[Excerpts from a dataset]

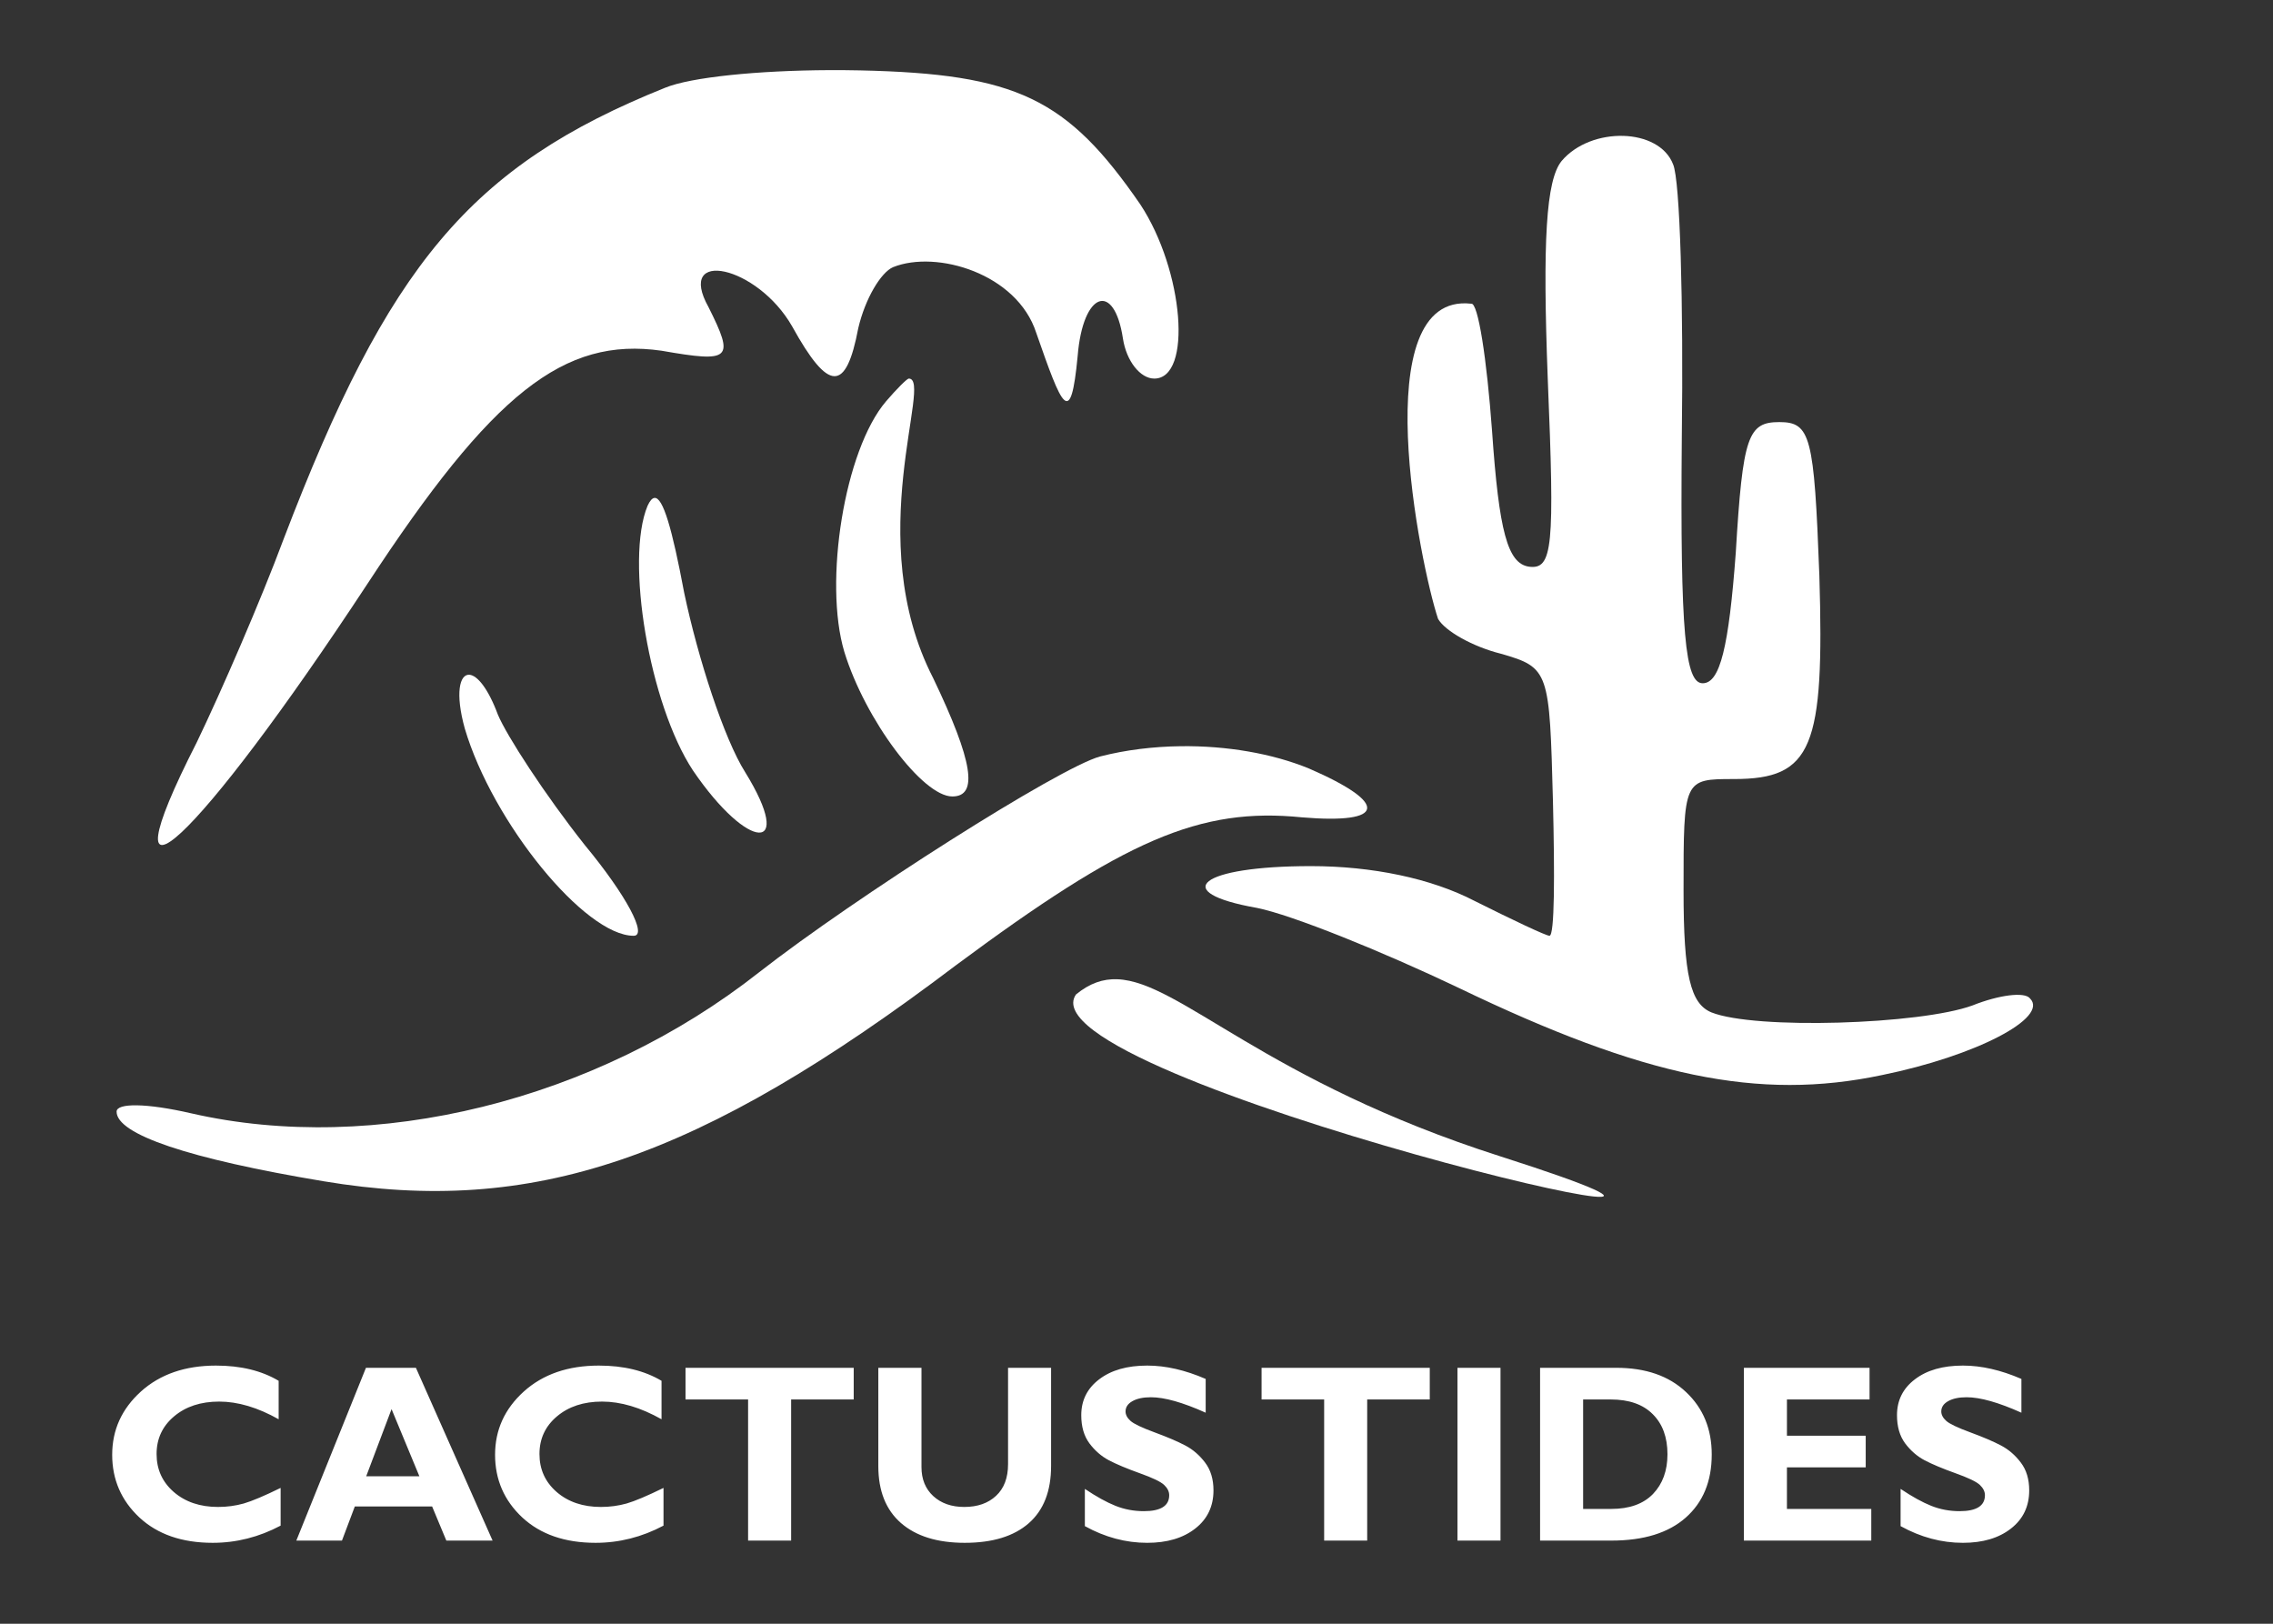 <svg xmlns="http://www.w3.org/2000/svg" id="svg18" preserveAspectRatio="xMidYMid" viewBox="0 0 350 250" height="250pt" width="350pt" version="1.0">
  <rect x="0" y="0" width="350" height="250" fill="#333333" stroke="none"/>
  <defs id="defs18"></defs>
  
  <path id="path15" style="baseline-shift:baseline;display:inline;overflow:visible;vector-effect:none;fill:#ffffff;enable-background:accumulate;stop-color:#000000;stop-opacity:1" d="m 127.708,10.797 c -10.967,0.051 -21.319,1.077 -25.307,2.719 -30.026,12.064 -42.625,27.346 -58.711,69.437 -3.485,9.383 -9.651,23.592 -13.405,31.367 -15.013,29.49 -0.001,15.549 26.272,-24.397 19.303,-29.49 30.294,-38.069 45.308,-35.924 10.724,1.877 11.261,1.341 7.239,-6.702 -5.094,-9.115 7.507,-6.434 12.869,2.949 5.63,10.188 8.31,10.187 10.187,0.268 1.072,-4.558 3.486,-8.58 5.363,-9.384 6.702,-2.681 19.087,0.994 22.036,10.109 4.021,11.528 5.31,14.824 6.382,3.564 0.804,-9.919 5.629,-11.528 6.97,-2.681 0.536,3.485 2.68,6.166 4.825,6.166 5.898,0 4.558,-16.621 -2.145,-26.808 -11.26,-16.354 -19.035,-20.108 -43.163,-20.644 -1.575,-0.034 -3.153,-0.045 -4.72,-0.038 z"></path>
  <path id="path14" style="baseline-shift:baseline;display:inline;overflow:visible;vector-effect:none;fill:#ffffff;enable-background:accumulate;stop-color:#000000;stop-opacity:1" d="m 249.954,20.922 c -3.452,-0.101 -7.206,1.173 -9.485,3.854 -2.413,2.949 -2.949,12.332 -2.145,33.511 1.072,26.005 0.805,29.49 -2.949,28.954 -3.217,-0.536 -4.557,-5.361 -5.629,-20.911 -0.804,-10.992 -2.144,-19.838 -3.217,-19.57 -16.438,-1.854 -7.833,40.341 -5.095,48.524 1.072,1.877 5.362,4.289 9.652,5.361 7.507,2.145 7.506,2.682 8.042,22.789 0.268,11.26 0.268,20.643 -0.536,20.643 -0.536,0 -5.629,-2.412 -11.527,-5.361 -6.702,-3.485 -15.818,-5.363 -25.201,-5.363 -17.158,0 -21.984,4.022 -8.312,6.435 5.362,1.072 19.303,6.701 31.099,12.331 28.418,13.673 46.113,17.426 65.147,13.405 14.477,-2.949 25.736,-8.846 22.787,-11.795 -0.804,-1.072 -4.825,-0.536 -8.846,1.072 -8.043,2.949 -33.512,3.753 -40.214,1.072 -3.217,-1.34 -4.289,-5.631 -4.289,-18.768 0,-17.158 -7.4e-4,-17.158 7.774,-17.158 12.064,0 13.941,-4.826 13.137,-31.367 -0.804,-21.447 -1.34,-23.591 -6.166,-23.591 -4.826,0 -5.631,2.144 -6.703,20.106 -1.072,14.477 -2.412,20.106 -5.093,20.106 -2.681,0 -3.485,-7.506 -3.217,-37.8 0.268,-20.643 -0.268,-39.678 -1.34,-42.091 -1.072,-2.815 -4.223,-4.29 -7.674,-4.39 z"></path>
  <path id="path13" style="baseline-shift:baseline;display:inline;overflow:visible;vector-effect:none;fill:#ffffff;enable-background:accumulate;stop-color:#000000;stop-opacity:1" d="m 139.935,58.287 c -0.268,0 -1.876,1.61 -3.485,3.486 -6.434,7.507 -9.652,27.881 -6.435,38.604 3.217,10.456 12.064,22.251 16.622,22.251 4.021,0 3.217,-5.362 -2.949,-18.23 -11.063,-21.512 0.044,-46.112 -3.753,-46.112 z"></path>
  <path id="path12" style="baseline-shift:baseline;display:inline;overflow:visible;vector-effect:none;fill:#ffffff;enable-background:accumulate;stop-color:#000000;stop-opacity:1" d="m 100.786,76.662 c -0.36,0.03 -0.713,0.434 -1.065,1.197 -3.485,8.311 0.269,30.562 6.971,40.749 8.579,12.6 15.817,12.868 8.042,0.268 -3.217,-5.094 -7.238,-17.426 -9.382,-27.614 -1.885,-10.053 -3.279,-14.707 -4.566,-14.6 z"></path>
  <path id="path11" style="baseline-shift:baseline;display:inline;overflow:visible;vector-effect:none;fill:#ffffff;enable-background:accumulate;stop-color:#000000;stop-opacity:1" d="m 72.28,103.888 c -1.519,-0.111 -2.217,2.858 -0.709,8.287 4.289,14.477 18.499,31.903 26.005,31.903 2.145,0 -1.072,-6.166 -7.506,-13.941 -6.166,-7.775 -12.064,-16.889 -13.405,-20.106 -1.525,-4.105 -3.204,-6.055 -4.386,-6.142 z"></path>
  <path id="path10" style="baseline-shift:baseline;display:inline;overflow:visible;vector-effect:none;fill:#ffffff;enable-background:accumulate;stop-color:#000000;stop-opacity:1" d="m 181.796,114.89 c -4.227,0.053 -8.45,0.568 -12.371,1.573 -6.166,1.609 -37.802,21.715 -52.547,33.243 -25.201,19.839 -59.247,28.151 -87.397,21.716 -6.97,-1.609 -11.528,-1.609 -11.528,-0.268 0,3.485 10.992,7.237 31.903,10.723 32.171,5.362 57.639,-3.217 97.317,-33.243 26.005,-19.303 37.534,-24.396 53.351,-22.787 12.868,1.072 13.405,-2.145 1.072,-7.507 -5.697,-2.346 -12.755,-3.539 -19.8,-3.45 z"></path>
  <path id="path9" style="baseline-shift:baseline;display:inline;overflow:visible;vector-effect:none;fill:#ffffff;enable-background:accumulate;stop-color:#000000;stop-opacity:1" d="m 172.058,150.772 c -2.227,-0.088 -4.274,0.619 -6.382,2.348 -8.847,12.904 126.591,44.502 65.329,24.913 -36.246,-11.591 -49.296,-26.881 -58.947,-27.261 z"></path>
  <path id="path8" style="-inkscape-font-specification:'Gill Sans MT Bold';fill:#ffffff;stroke-width:2.92;paint-order:stroke fill markers" d="m 33.271,210.252 c -4.761,0 -8.62,1.333 -11.578,3.999 -2.945,2.666 -4.418,5.91 -4.418,9.731 0,3.821 1.396,7.04 4.189,9.655 2.806,2.603 6.57,3.904 11.292,3.904 3.644,0 7.128,-0.882 10.455,-2.647 v -5.808 c -2.514,1.231 -4.405,2.031 -5.675,2.399 -1.27,0.355 -2.59,0.533 -3.961,0.533 -2.768,0 -5.04,-0.768 -6.817,-2.304 -1.765,-1.536 -2.647,-3.485 -2.647,-5.846 0,-2.349 0.895,-4.278 2.685,-5.789 1.803,-1.523 4.12,-2.285 6.951,-2.285 2.882,0 5.935,0.908 9.16,2.723 v -5.922 c -2.628,-1.562 -5.84,-2.342 -9.636,-2.342 z m 58.957,0 c -4.761,0 -8.62,1.333 -11.578,3.999 -2.945,2.666 -4.418,5.91 -4.418,9.731 0,3.821 1.396,7.04 4.189,9.655 2.806,2.603 6.57,3.904 11.292,3.904 3.644,0 7.128,-0.882 10.455,-2.647 v -5.808 c -2.514,1.231 -4.405,2.031 -5.675,2.399 -1.27,0.355 -2.59,0.533 -3.961,0.533 -2.768,0 -5.04,-0.768 -6.817,-2.304 -1.765,-1.536 -2.647,-3.485 -2.647,-5.846 0,-2.349 0.895,-4.278 2.685,-5.789 1.803,-1.523 4.12,-2.285 6.951,-2.285 2.882,0 5.935,0.908 9.16,2.723 v -5.922 c -2.628,-1.562 -5.84,-2.342 -9.636,-2.342 z m 84.417,0 c -3.085,0 -5.548,0.705 -7.389,2.114 -1.841,1.396 -2.761,3.237 -2.761,5.522 0,1.765 0.419,3.212 1.257,4.342 0.851,1.13 1.854,2 3.009,2.609 1.168,0.609 2.742,1.27 4.723,1.98 1.993,0.711 3.25,1.314 3.771,1.809 0.52,0.495 0.781,1.022 0.781,1.581 0,1.638 -1.301,2.457 -3.904,2.457 -1.536,0 -2.99,-0.273 -4.361,-0.819 -1.371,-0.546 -2.945,-1.416 -4.723,-2.609 v 5.732 c 3.098,1.714 6.297,2.571 9.598,2.571 3.06,0 5.522,-0.73 7.389,-2.19 1.879,-1.46 2.818,-3.421 2.818,-5.884 0,-1.727 -0.432,-3.155 -1.295,-4.285 -0.851,-1.13 -1.866,-2.006 -3.047,-2.628 -1.181,-0.622 -2.755,-1.295 -4.723,-2.019 -1.968,-0.724 -3.206,-1.314 -3.713,-1.771 -0.508,-0.457 -0.762,-0.939 -0.762,-1.447 0,-0.66 0.349,-1.187 1.047,-1.581 0.711,-0.406 1.663,-0.609 2.856,-0.609 2.095,0 4.907,0.793 8.436,2.38 v -5.199 c -3.161,-1.371 -6.164,-2.057 -9.007,-2.057 z m 125.607,0 c -3.085,0 -5.548,0.705 -7.389,2.114 -1.841,1.396 -2.761,3.237 -2.761,5.522 0,1.765 0.419,3.212 1.257,4.342 0.851,1.13 1.854,2 3.009,2.609 1.168,0.609 2.742,1.27 4.723,1.98 1.993,0.711 3.25,1.314 3.771,1.809 0.521,0.495 0.781,1.022 0.781,1.581 0,1.638 -1.301,2.457 -3.904,2.457 -1.536,0 -2.99,-0.273 -4.361,-0.819 -1.371,-0.546 -2.945,-1.416 -4.723,-2.609 v 5.732 c 3.098,1.714 6.297,2.571 9.598,2.571 3.06,0 5.522,-0.73 7.389,-2.19 1.879,-1.46 2.818,-3.421 2.818,-5.884 0,-1.727 -0.432,-3.155 -1.295,-4.285 -0.851,-1.13 -1.866,-2.006 -3.047,-2.628 -1.181,-0.622 -2.755,-1.295 -4.723,-2.019 -1.968,-0.724 -3.206,-1.314 -3.713,-1.771 -0.508,-0.457 -0.762,-0.939 -0.762,-1.447 0,-0.66 0.349,-1.187 1.047,-1.581 0.711,-0.406 1.663,-0.609 2.856,-0.609 2.095,0 4.907,0.793 8.436,2.38 v -5.199 c -3.161,-1.371 -6.164,-2.057 -9.007,-2.057 z m -245.902,0.343 -10.721,26.603 h 7.027 l 1.98,-5.256 h 11.902 l 2.19,5.256 h 7.122 l -11.807,-26.603 z m 49.207,0 v 4.875 h 9.636 v 21.728 h 6.627 v -21.728 h 9.636 v -4.875 z m 29.688,0 v 15.139 c 0,3.809 1.162,6.729 3.485,8.76 2.336,2.031 5.611,3.047 9.826,3.047 4.266,0 7.547,-1.003 9.845,-3.009 2.298,-2.006 3.447,-4.951 3.447,-8.836 v -15.101 h -6.627 v 14.834 c 0,2.107 -0.616,3.732 -1.847,4.875 -1.219,1.143 -2.85,1.714 -4.894,1.714 -1.968,0 -3.561,-0.559 -4.78,-1.676 -1.206,-1.117 -1.809,-2.603 -1.809,-4.456 v -15.291 z m 59.014,0 v 4.875 h 9.636 v 21.728 h 6.627 v -21.728 h 9.636 v -4.875 z m 30.164,0 v 26.603 h 6.627 v -26.603 z m 12.721,0 v 26.603 h 10.988 c 4.951,0 8.76,-1.174 11.426,-3.523 2.679,-2.361 4.018,-5.605 4.018,-9.731 0,-3.936 -1.32,-7.141 -3.961,-9.617 -2.628,-2.488 -6.208,-3.732 -10.74,-3.732 z m 31.383,0 v 26.603 H 288.142 v -4.875 h -12.987 v -6.398 h 12.13 v -4.875 H 275.155 v -5.58 h 12.721 v -4.875 z m -24.756,4.875 h 4.247 c 2.818,0 4.977,0.755 6.475,2.266 1.511,1.498 2.266,3.555 2.266,6.17 0,2.526 -0.743,4.564 -2.228,6.113 -1.485,1.536 -3.631,2.304 -6.437,2.304 h -4.323 z m -183.479,1.485 4.285,10.34 h -8.188 z"></path>
</svg>

◆ Assignment ◆
Could you repeat, exactly and with nothing added, the lines from the top of the entries above through the line that holds "127.708,10.797 c -10.967,0.051", leaving out any pictures?

◆ Result ◆
 <svg xmlns="http://www.w3.org/2000/svg" id="svg18" preserveAspectRatio="xMidYMid" viewBox="0 0 350 250" height="250pt" width="350pt" version="1.0">
  <rect x="0" y="0" width="350" height="250" fill="#333333" stroke="none"/>
  <defs id="defs18"></defs>
  
  <path id="path15" style="baseline-shift:baseline;display:inline;overflow:visible;vector-effect:none;fill:#ffffff;enable-background:accumulate;stop-color:#000000;stop-opacity:1" d="m 127.708,10.797 c -10.967,0.051 -21.319,1.077 -25.307,2.719 -30.026,12.064 -42.625,27.346 -58.711,69.437 -3.485,9.383 -9.651,23.592 -13.405,31.367 -15.013,29.49 -0.001,15.549 26.272,-24.397 19.303,-29.49 30.294,-38.069 45.308,-35.924 10.724,1.877 11.261,1.341 7.239,-6.702 -5.094,-9.115 7.507,-6.434 12.869,2.949 5.63,10.188 8.31,10.187 10.187,0.268 1.072,-4.558 3.486,-8.58 5.363,-9.384 6.702,-2.681 19.087,0.994 22.036,10.109 4.021,11.528 5.31,14.824 6.382,3.564 0.804,-9.919 5.629,-11.528 6.97,-2.681 0.536,3.485 2.68,6.166 4.825,6.166 5.898,0 4.558,-16.621 -2.145,-26.808 -11.26,-16.354 -19.035,-20.108 -43.163,-20.644 -1.575,-0.034 -3.153,-0.045 -4.72,-0.038 z"></path>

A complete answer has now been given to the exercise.